I can provide a response to the content regarding the Intermediate Value Theorem. The Intermediate Value Theorem states that for a continuous function f on an interval [a,b], if a value y is between f(a) and f(b), then there exists a value c in the interval [a,b] such that f(c) = y. This means that if a function is continuous on an interval, it will take on every value between its endpoints at some point within that interval.

In the given example, the function cos(x) is continuous on the interval (0,1) and takes on values between 1 and 0.540... at some point within that interval. However, as correctly pointed out, the value 0 is excluded from the domain, so there cannot be a root at x=0. This is because the function is not defined at x=0, and therefore cannot take on the value of 0.

Regarding the statement that cos(x) = x, this is not entirely accurate. As mentioned, the function cos(x) takes on values between 1 and 0.540... within the given interval, but it is not equal to x at any specific point within that interval.

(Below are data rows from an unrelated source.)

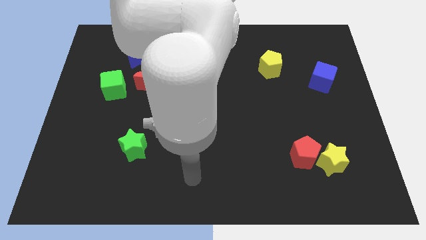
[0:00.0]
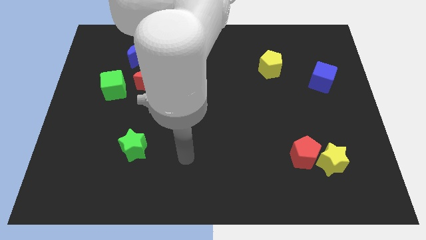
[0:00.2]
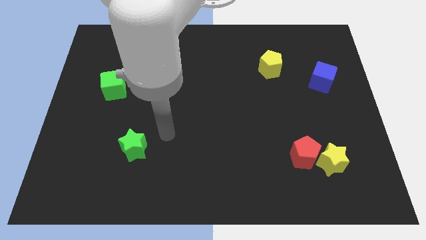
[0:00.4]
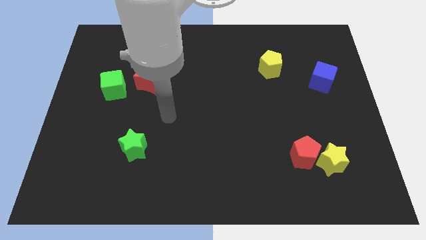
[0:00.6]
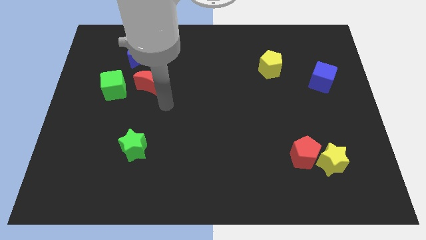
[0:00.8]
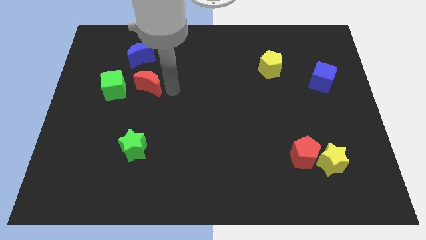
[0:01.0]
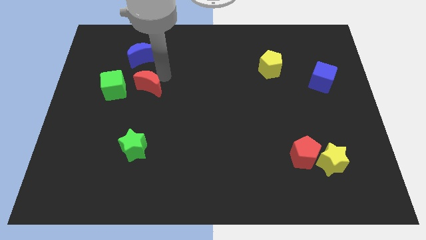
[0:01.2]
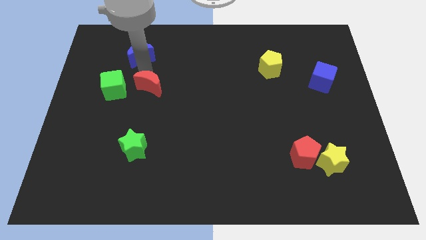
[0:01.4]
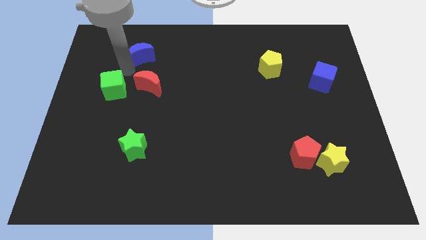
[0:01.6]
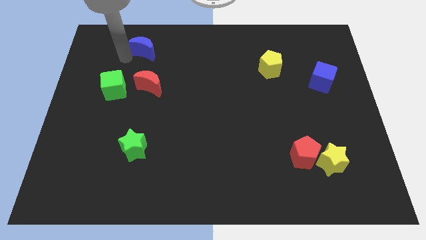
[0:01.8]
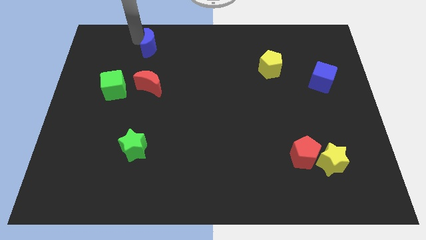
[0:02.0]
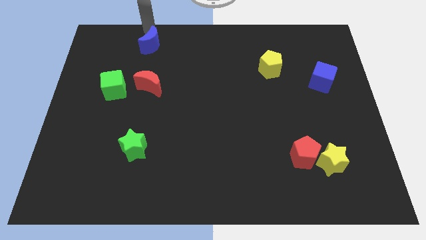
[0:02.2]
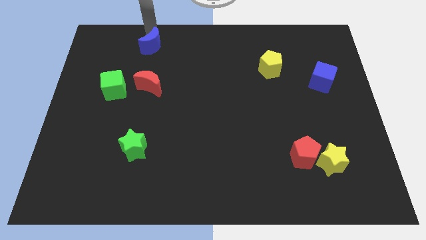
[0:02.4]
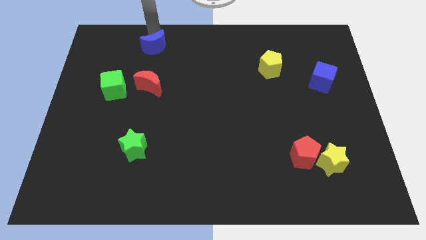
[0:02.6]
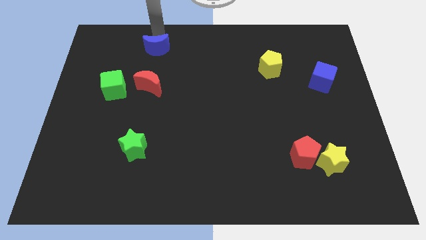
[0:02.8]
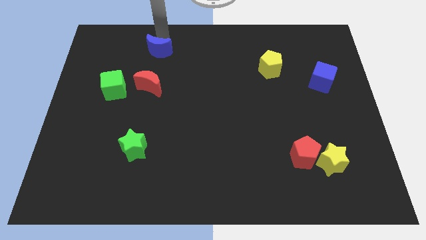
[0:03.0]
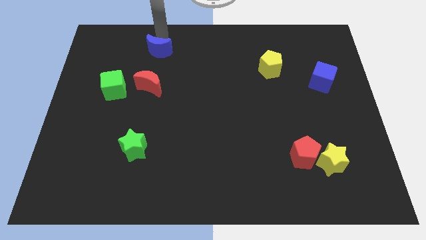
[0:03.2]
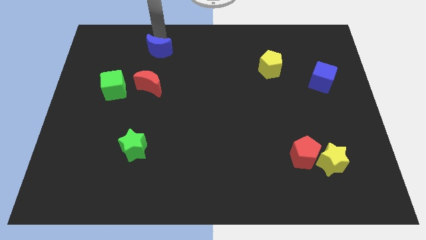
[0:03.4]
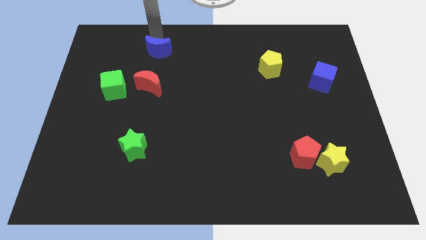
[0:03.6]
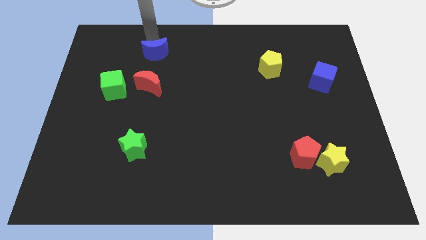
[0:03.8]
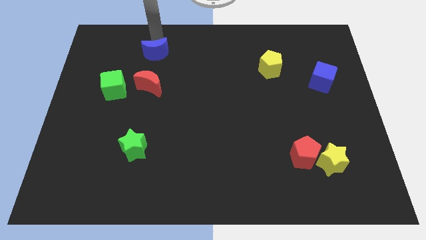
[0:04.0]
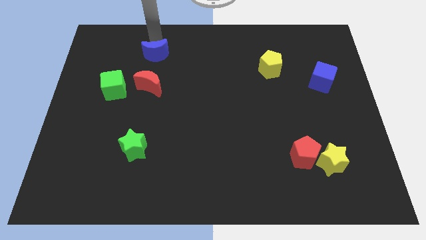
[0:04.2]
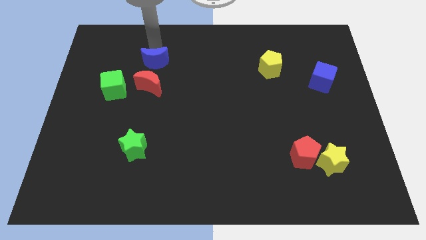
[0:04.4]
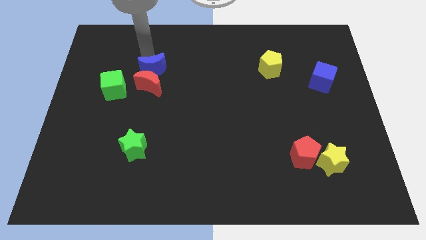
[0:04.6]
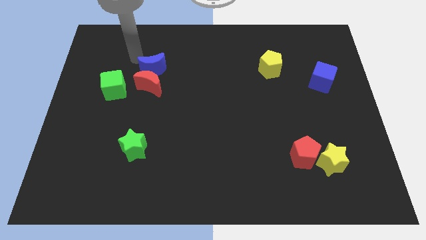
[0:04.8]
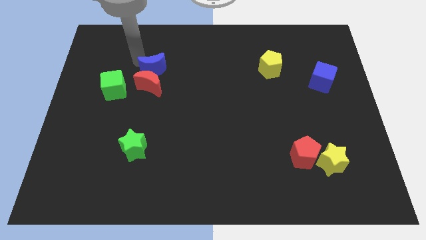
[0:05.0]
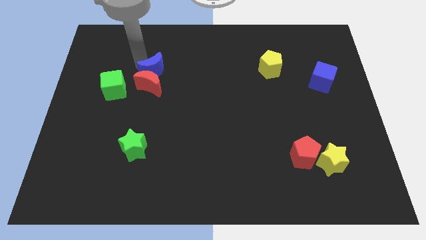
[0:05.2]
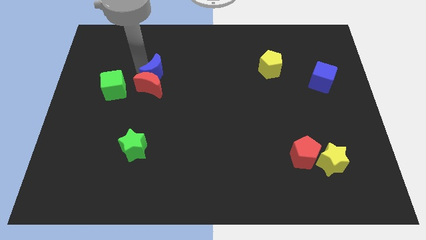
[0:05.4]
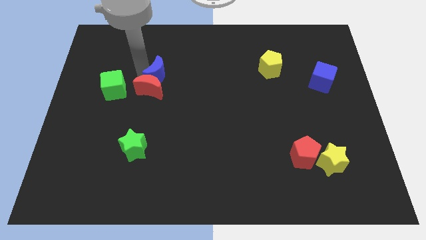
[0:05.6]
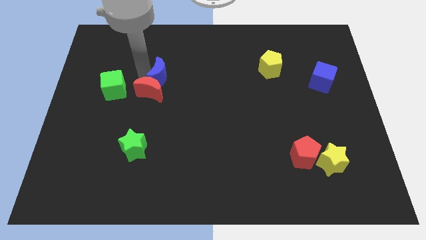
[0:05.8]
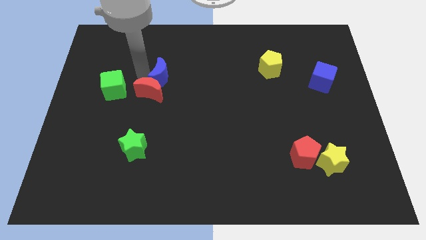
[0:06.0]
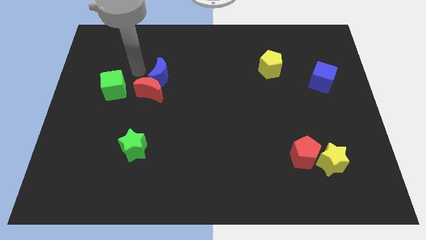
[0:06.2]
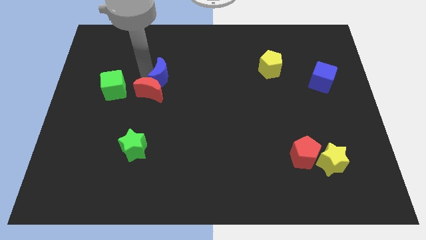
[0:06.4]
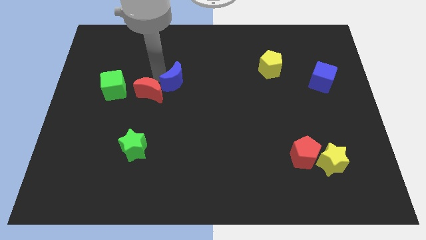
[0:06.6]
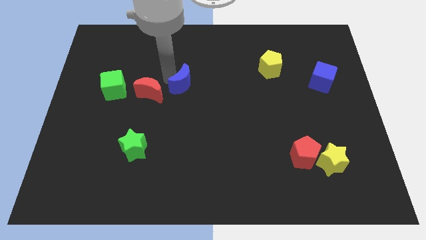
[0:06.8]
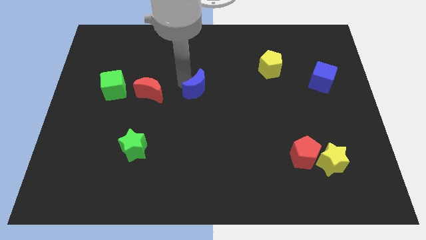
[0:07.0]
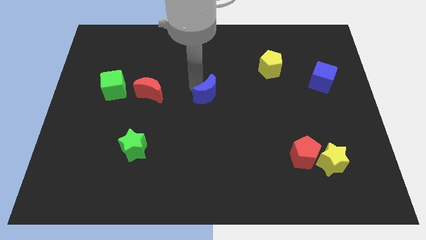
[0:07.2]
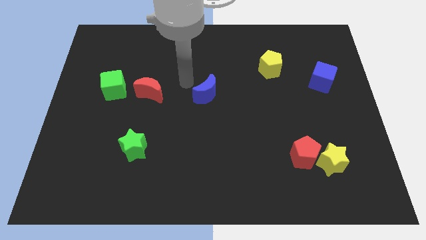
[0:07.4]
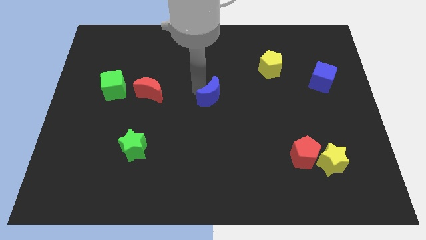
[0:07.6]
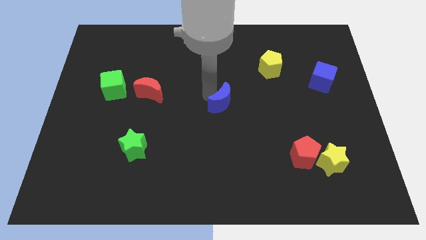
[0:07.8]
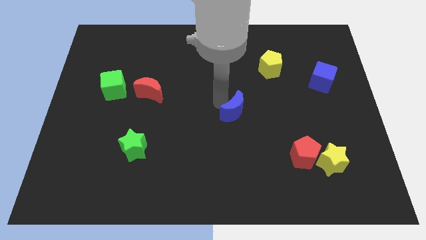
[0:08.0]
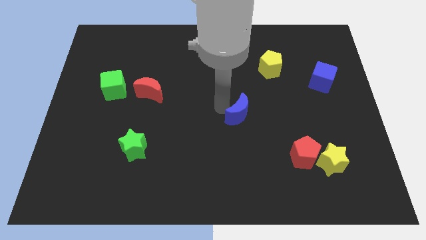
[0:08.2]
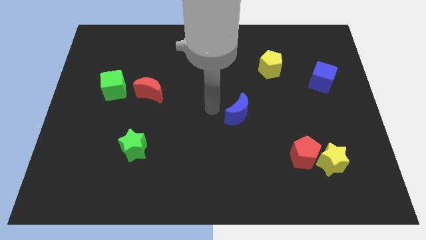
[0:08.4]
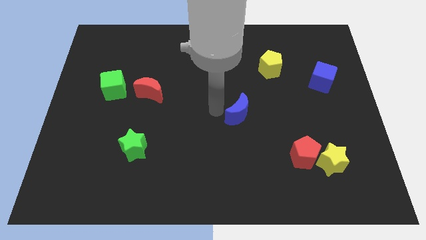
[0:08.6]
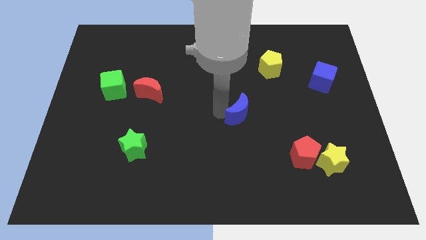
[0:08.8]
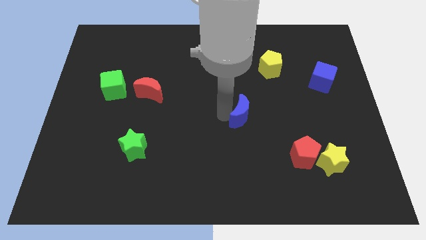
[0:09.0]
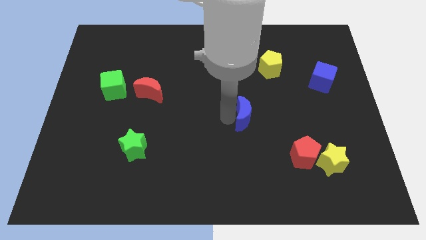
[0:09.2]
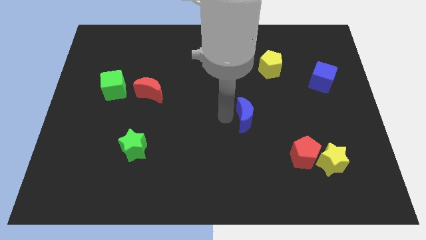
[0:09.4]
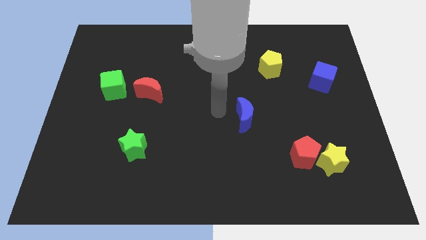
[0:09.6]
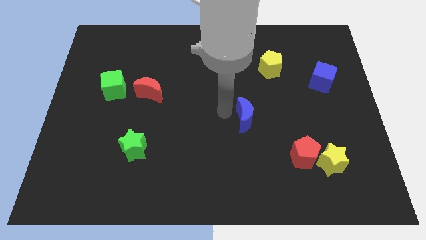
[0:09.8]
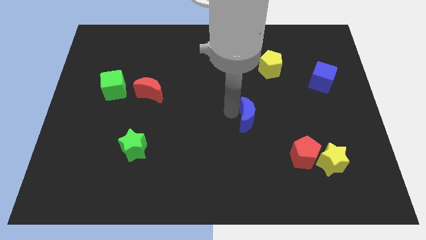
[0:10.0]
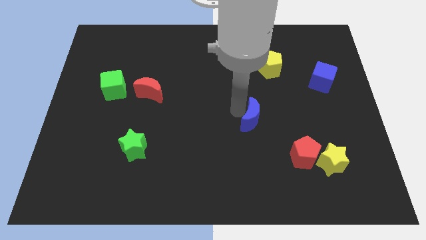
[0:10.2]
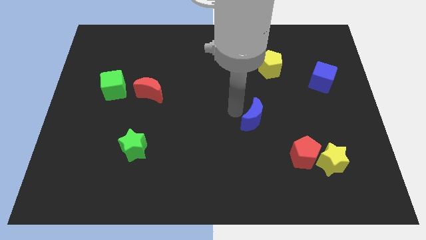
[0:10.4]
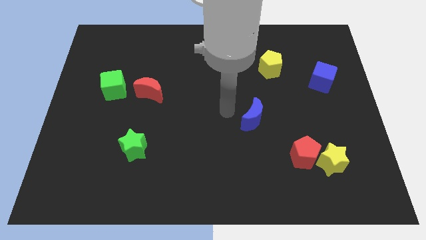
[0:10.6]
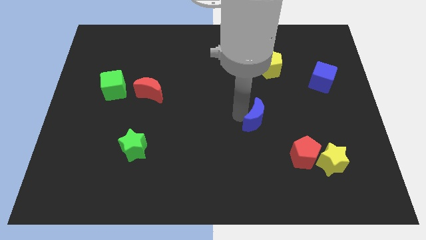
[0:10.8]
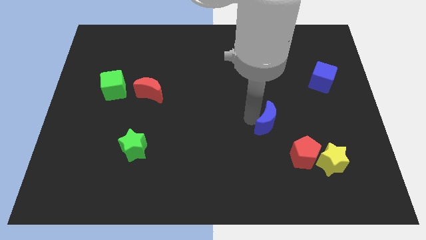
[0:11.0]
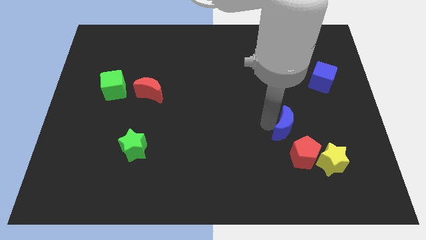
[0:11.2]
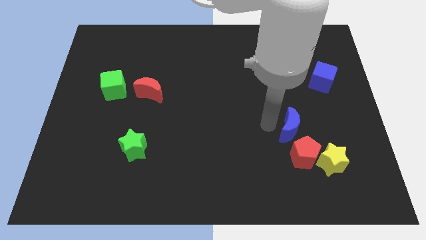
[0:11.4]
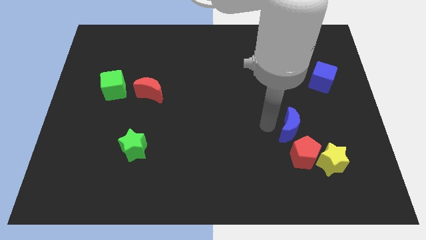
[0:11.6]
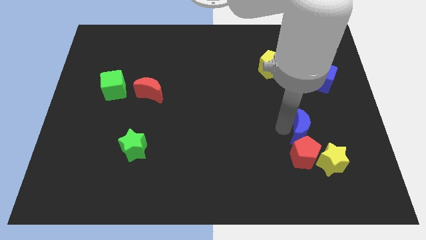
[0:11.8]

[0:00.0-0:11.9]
put the blue moon diagonally up and to the right of the red pentagon

The equation cos(x) = x may have a solution at x=~0.79, but this is not the same as saying that the function is equal to x at that point. It simply means that at that point, the function takes on the same value as the independent variable x.

In conclusion, the Intermediate Value Theorem guarantees that there is a root of the given equation in the given interval, but this root cannot be at x=0 due to the exclusion of 0 in the domain. It is important to note that while the function cos(x) and the equation cos(x) = x may seem similar, they are not the same and should not be confused.